Discovery Could Lead to Better Diagnosis and Treatment of Lupus in African Patients

October 1, 2018

Rare Daily Staff

Black Africans have a higher level of Lupus than previous known and identified an antibody previously unlinked to the disease that could help better diagnose and treat this population, according to a study in the journal BMJ Global Health.

Systemic lupus erythematosus (SLE) is a chronic autoimmune disease that causes inflammation in connective tissues. The condition can affect many organs and systems throughout the body and causes progressive damage over time.

Researchers from the University of Edinburgh and partners in Zimbabwe found that blood tests in black African patients pinpointed a high prevalence of two types of the disease, one of which was previously unacknowledged. They said their results could enable better management of the disease in patients of African descent, particularly in southern Africa, where incidence and mortality rates are relatively high.
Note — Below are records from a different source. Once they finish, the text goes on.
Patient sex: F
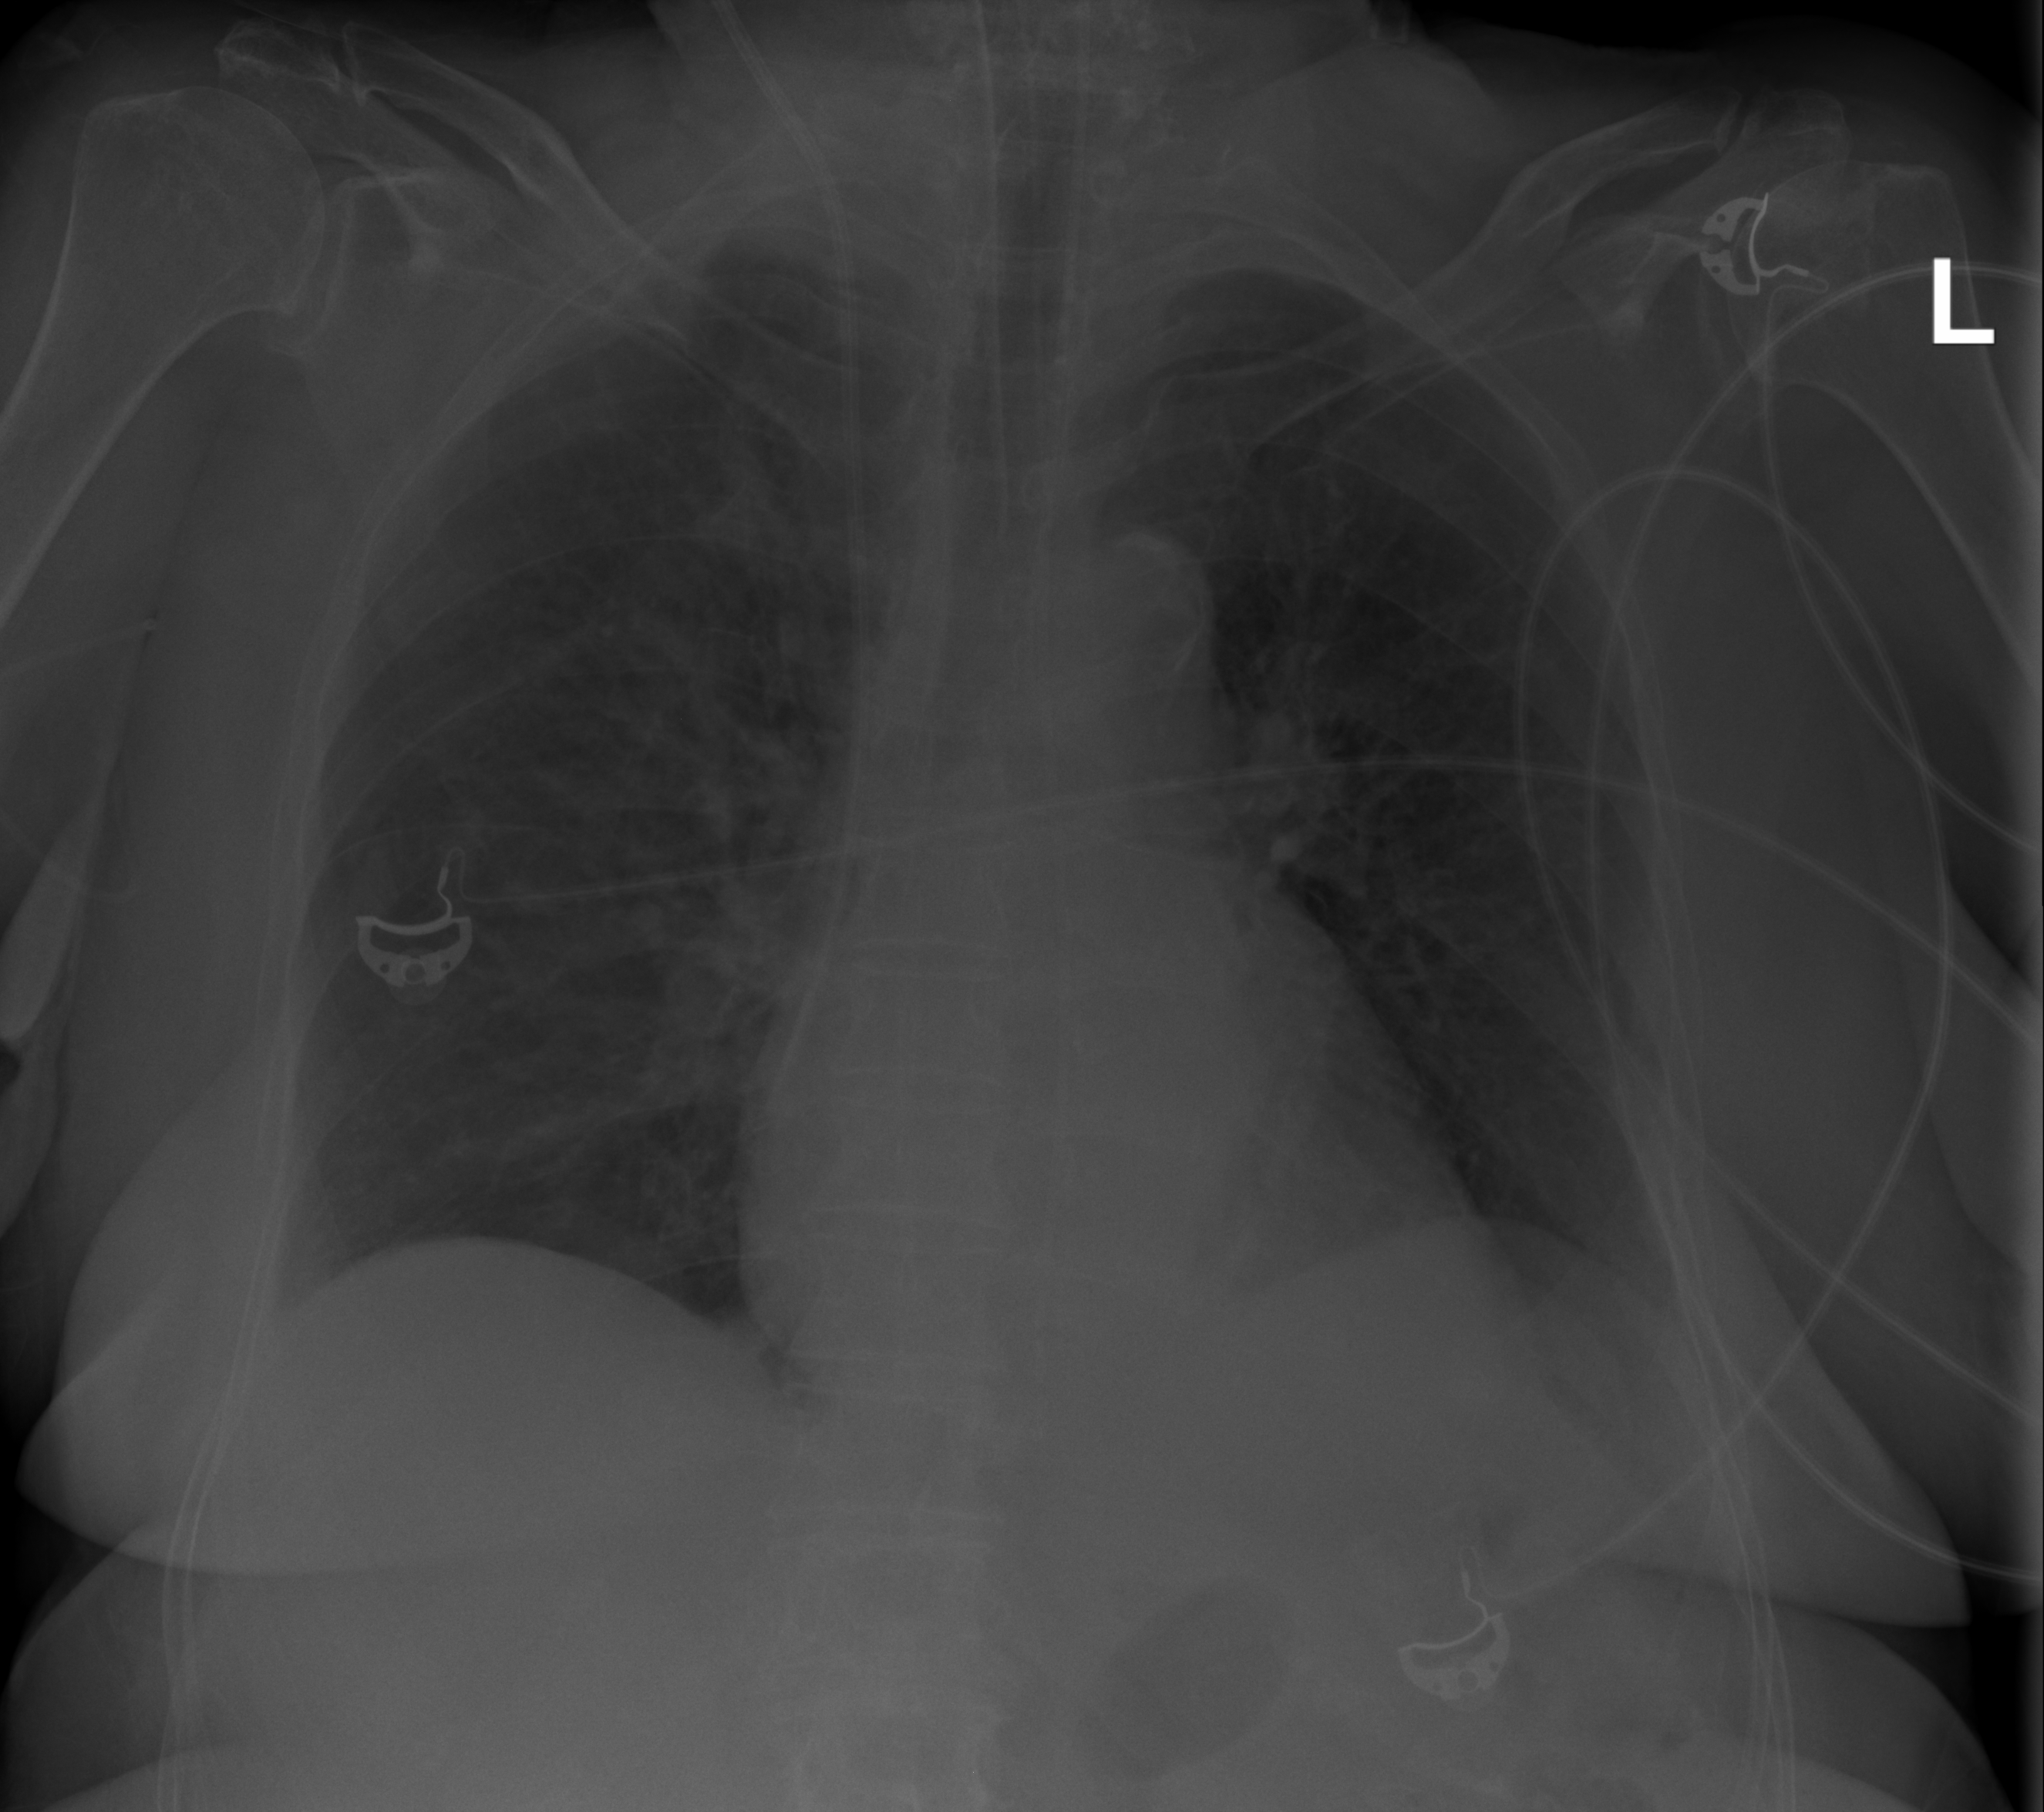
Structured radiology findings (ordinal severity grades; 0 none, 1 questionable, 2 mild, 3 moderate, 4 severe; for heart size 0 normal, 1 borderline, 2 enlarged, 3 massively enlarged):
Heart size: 2
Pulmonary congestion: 2
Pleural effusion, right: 0
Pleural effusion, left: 0
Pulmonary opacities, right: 0
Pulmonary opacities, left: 0
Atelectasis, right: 0
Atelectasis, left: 0

The study found new variants of the disease by analyzing antibodies that attack proteins in healthy cells. Some of the patients—almost half of those tested—carried an antibody already linked with lupus and used in its diagnosis. Patients with this antibody are more likely to have classic symptoms, including diseased organs and joints.

A second, larger group of patients—many of whom had skin-related symptoms—carried an antibody targeting a different protein in healthy cells. This antibody, which targets proliferating cell nuclear antigen (PCNA), was not previously known to be important for SLE and is not currently used in diagnosis.

The research suggests that diagnostic tests for lupus should be broadened to include the second antibody.

“For the first time, we have highlighted the importance of two variants of systemic lupus that affect black Africans, including one which was previously not defined in detail,” said Francisca Mutapi, of the School of Biological Sciences, University of Edinburgh. “Thanks to our research, we also have the means to diagnose and distinguish them.”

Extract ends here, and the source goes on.